→ **What the task requires**:
Within the data that follows, set down exactly the lines from the one containing "Dit is een huisje dan." through the one containing "agradáveis de que", both ends included.

→ **Material provided**:
————————
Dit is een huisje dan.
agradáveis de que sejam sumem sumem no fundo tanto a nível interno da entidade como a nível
————————
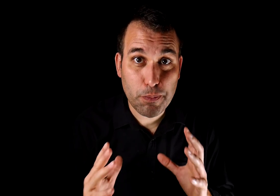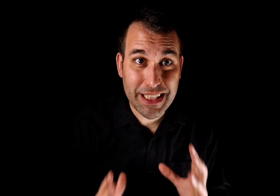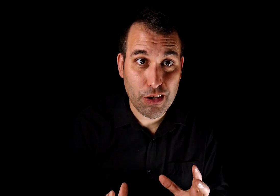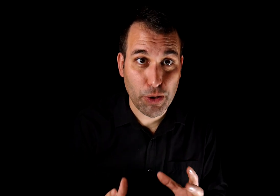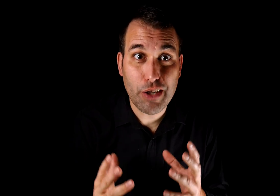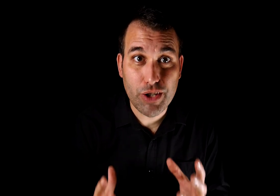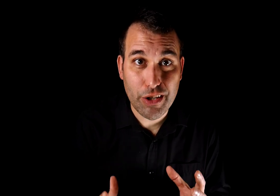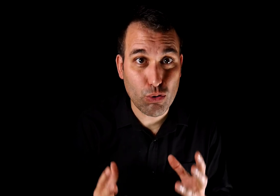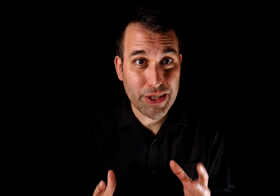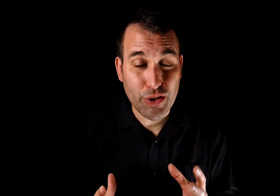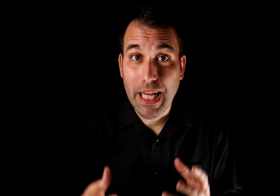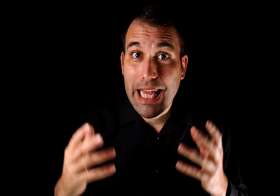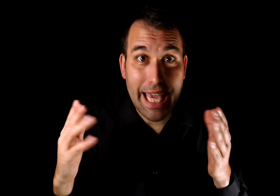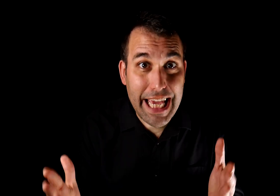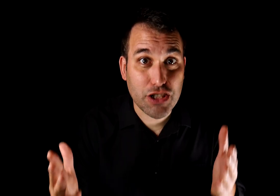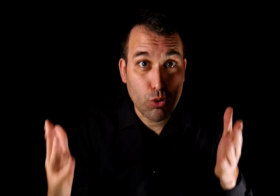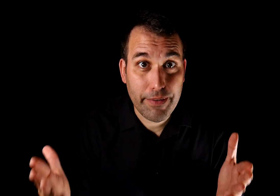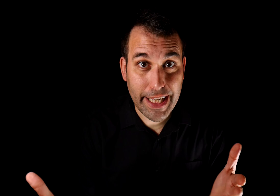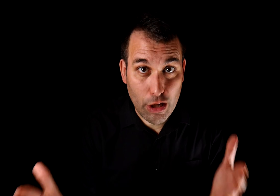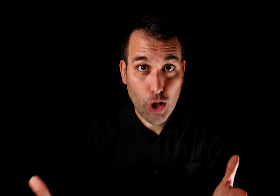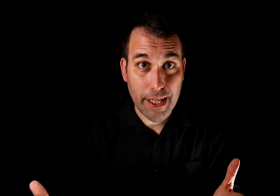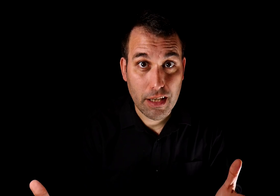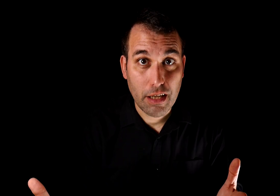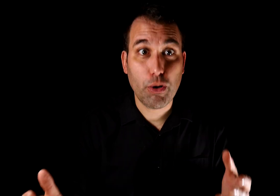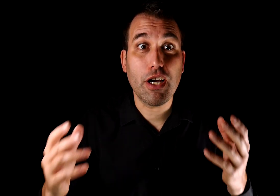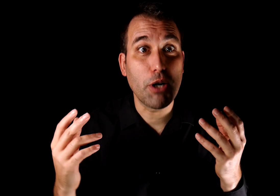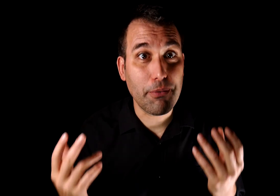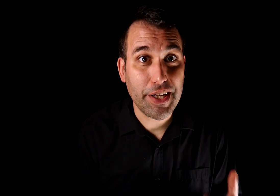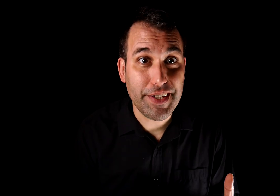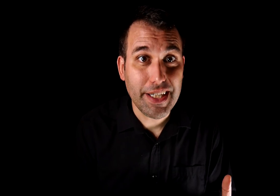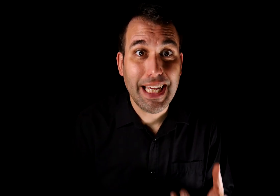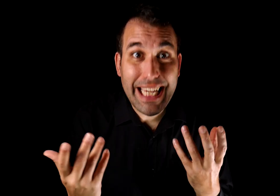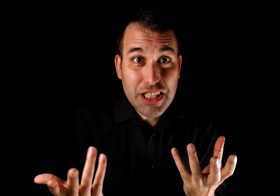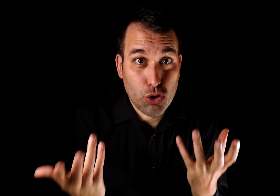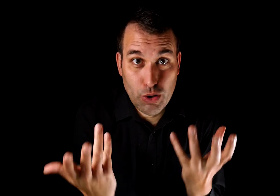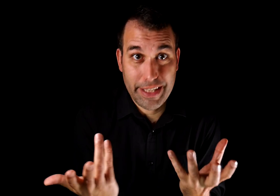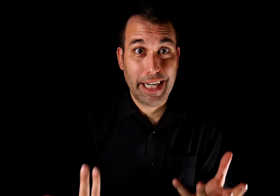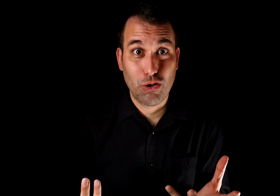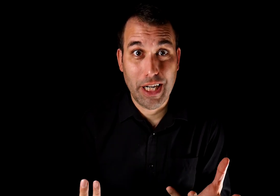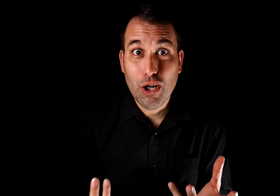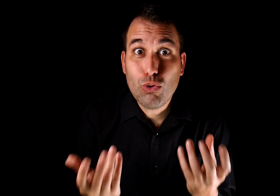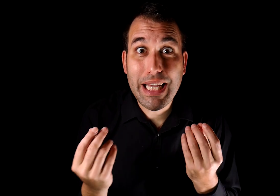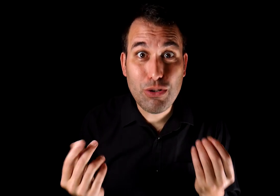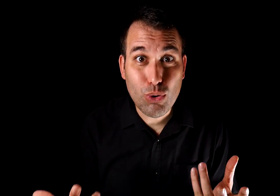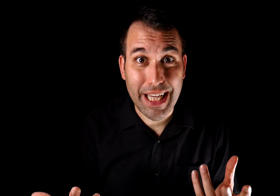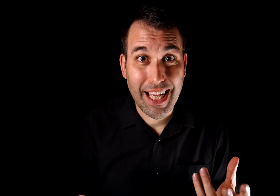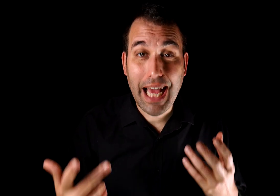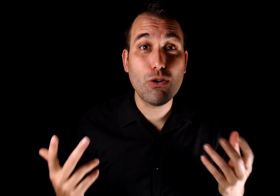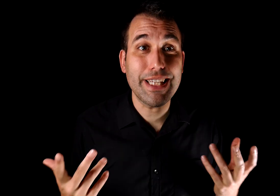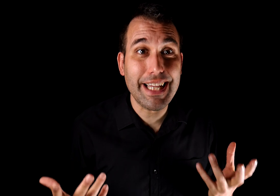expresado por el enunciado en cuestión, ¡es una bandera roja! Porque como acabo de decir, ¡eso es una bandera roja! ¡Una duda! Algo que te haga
————————
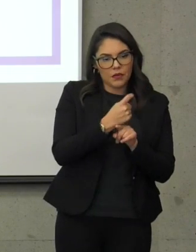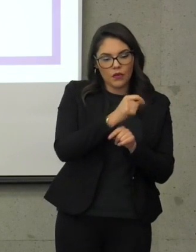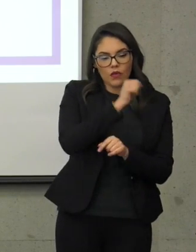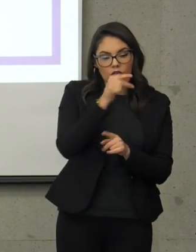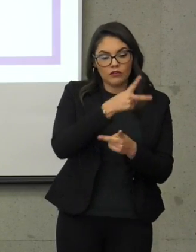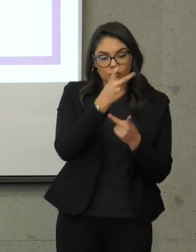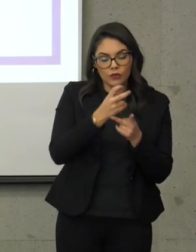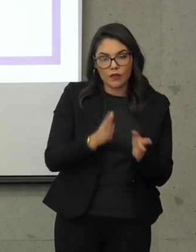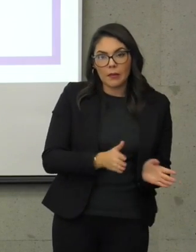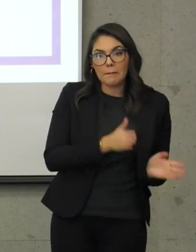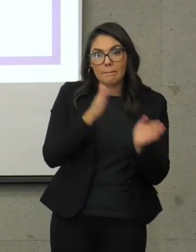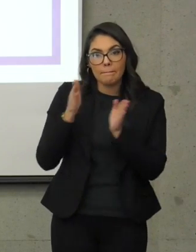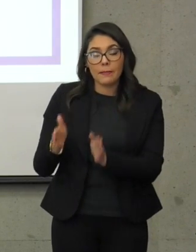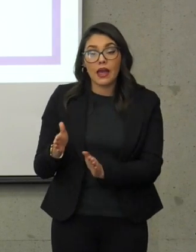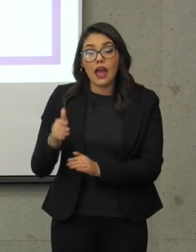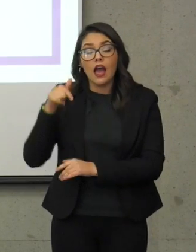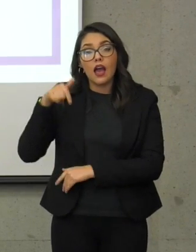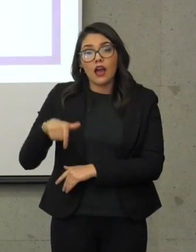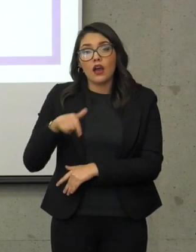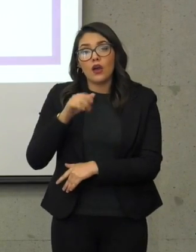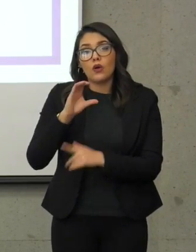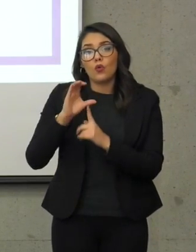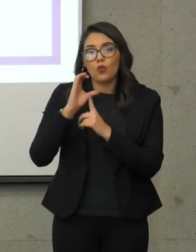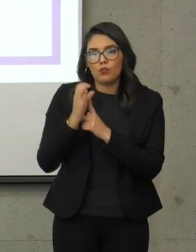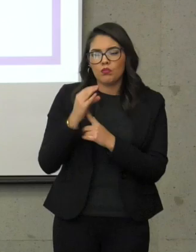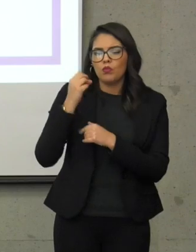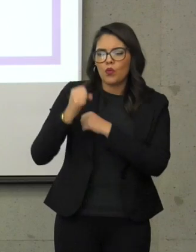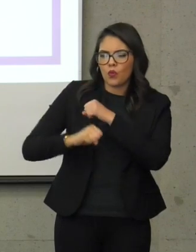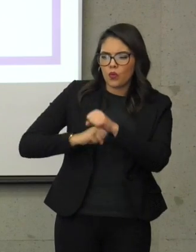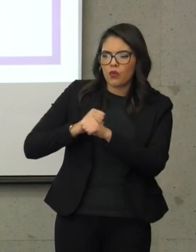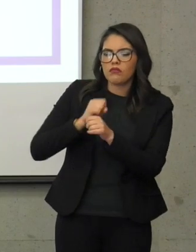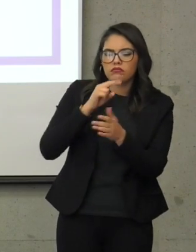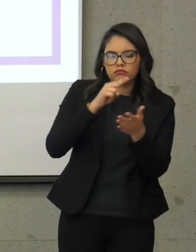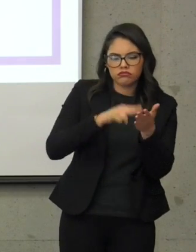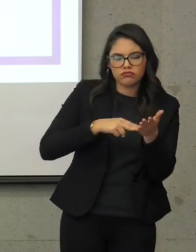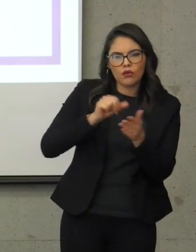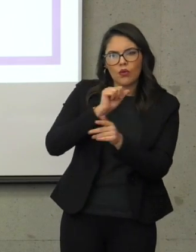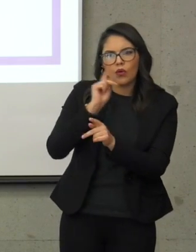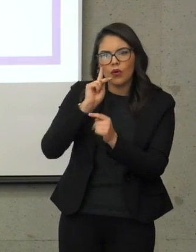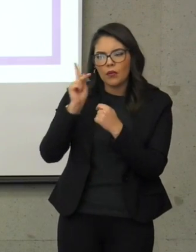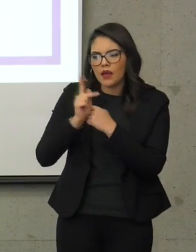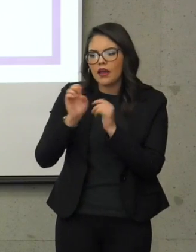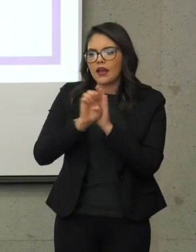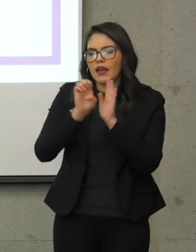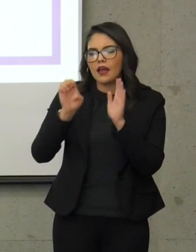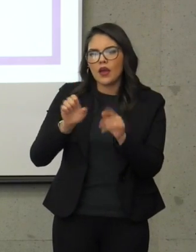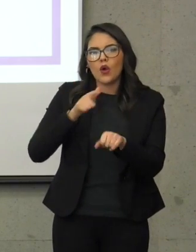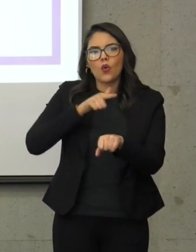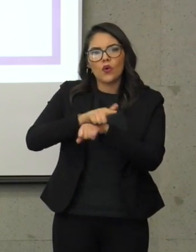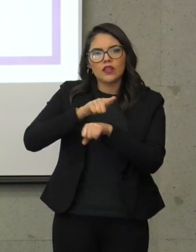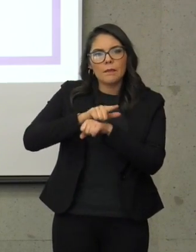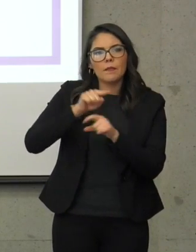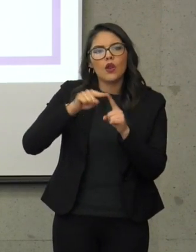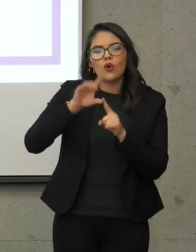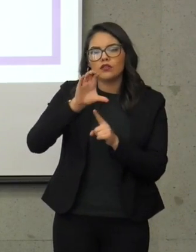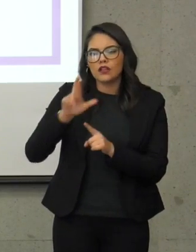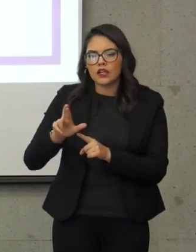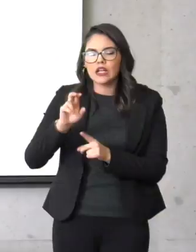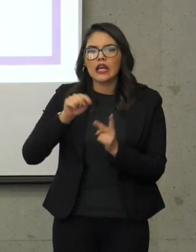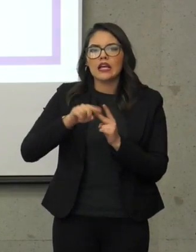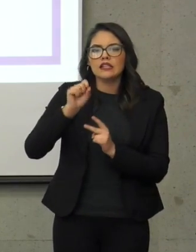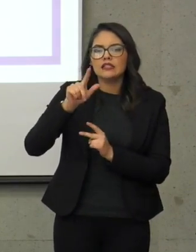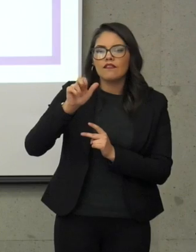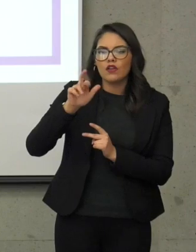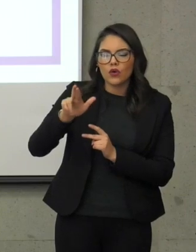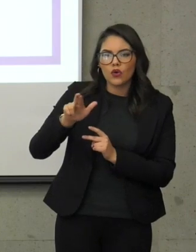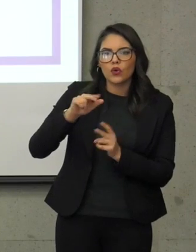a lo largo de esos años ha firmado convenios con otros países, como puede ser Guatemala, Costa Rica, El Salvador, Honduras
————————
→ **Response to this task**:
Dit is een huisje dan.
agradáveis de que sejam sumem sumem no fundo tanto a nível interno da entidade como a nível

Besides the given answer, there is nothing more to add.